Wednesday, April 7, 2010
The bloody little conflict between Russia and Georgia in August 2008 lasted just nine days, but it marked a turning point in the history of warfare. For the first time ever, the shooting was accompanied by a cyberattack.
In the opening hours of battle, unidentified hackers shut down Georgian government, media and banking Web sites. Georgian President Mikhail Saakashvili insisted that Russia was responsible for the cyberattack, and U.S. officials subsequently said he was probably right.
The timing was propitious. Just as Russian ground troops were engaging Georgian forces in combat, the Georgian government was forced to deal with malfunctioning computer systems. U.S. intelligence analysts were convinced that the actions were carefully coordinated.
The disruption was relatively minor, but an important threshold had been crossed.

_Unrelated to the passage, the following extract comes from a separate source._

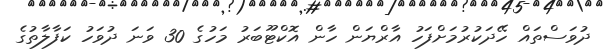
ދުވަސްތައް ހޭދަކުރުމަށްފަހު އާރްޔަން ހާން އޮކްޓޫބަރު މަހުގެ 30 ވަނަ ދުވަހު ކަފާލާތުގެ

In announcing a cybersecurity initiative nine months later, President Obama referred back to the August events in Georgia, saying they offered "a glimpse of the future face of war."
That is now a widely held view.
America's Tech Edge: A Strength ... And A Weakness
"The next time there is a big war, it will include a cyberattack," says Richard Clarke, a former White House cybersecurity adviser and the author of a new book, "Cyber War: The Next Threat to National Security and What to Do About It."

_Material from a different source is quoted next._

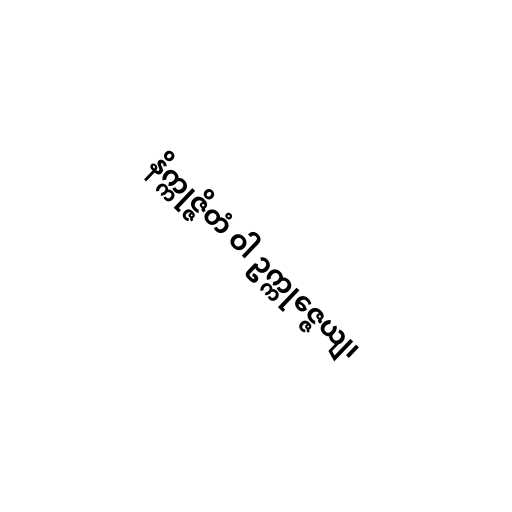
နိက္ကုဇ္ဇိတံ ဝါ ဥက္ကုဇ္ဇေယျ၊

For the United States, the prospect is especially worrisome. The entire U.S. economy depends on operations in cyberspace. If computer networks shut down, so will the country.
Indeed, in a major cyberwar scenario, the United States would be uniquely vulnerable. No military is more dependent on data networking. Unmanned aircraft send video feeds back to Earth 24/7, while soldiers on the ground are guided by GPS signals and linked via computers to other units and command posts.

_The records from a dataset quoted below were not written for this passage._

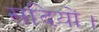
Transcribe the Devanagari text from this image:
सदियों।
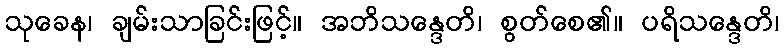
သုခေန၊ ချမ်းသာခြင်းဖြင့်။ အဘိသန္ဒေတိ၊ စွတ်စေ၏။ ပရိသန္ဒေတိ၊
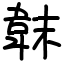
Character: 韎
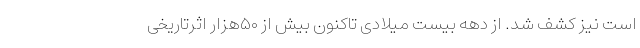
است نیز کشف شد. از دهه بیست میلادی تاکنون بیش از ۵۰هزار اثرتاریخی
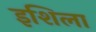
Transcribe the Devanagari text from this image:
इशिला
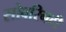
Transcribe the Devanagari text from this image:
सोवरिनटी
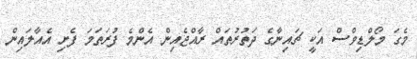
މެގަ މޯލްޑިވްސް އަކީ ޗައިނާގެ ދަތުރުތައް ރާއްޖެއިން އެންމެ ފުރަތަމަ ފެށި އެއާލައިން
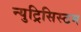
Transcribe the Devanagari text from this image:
न्युट्रिसिस्टम
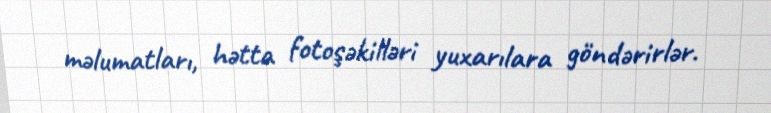
məlumatları, hətta fotoşəkilləri yuxarılara göndərirlər.
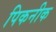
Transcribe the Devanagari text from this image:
पिकनीक
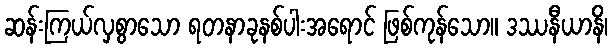
ဆန်းကြယ်လှစွာသော ရတနာခုနစ်ပါးအရောင် ဖြစ်ကုန်သော။ ဒဿနီယာနိ၊
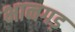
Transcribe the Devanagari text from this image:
भानगड़
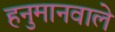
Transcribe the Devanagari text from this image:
हनुमानवाले
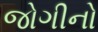
જોગીનો

Of course, the U.S. military is planning its own cyberattacks. Pentagon cyberwarriors have detailed plans to take down power, telecommunication and transportation systems just about anywhere.
There is just one problem: What if the other side strikes first? In cyberwar scenarios, pre-emptive attacks are favored, and effective retaliation can be difficult.
"We have extremely good cyberoffensive capabilities and almost nothing in the way of cyberdefense," Clarke says.
U.S. Not Ready To Fend Off Massive Cyberattack
The United States' lack of preparation for a cyberattack was highlighted in a recent exercise co-sponsored by the Bipartisan Policy Center and CNN.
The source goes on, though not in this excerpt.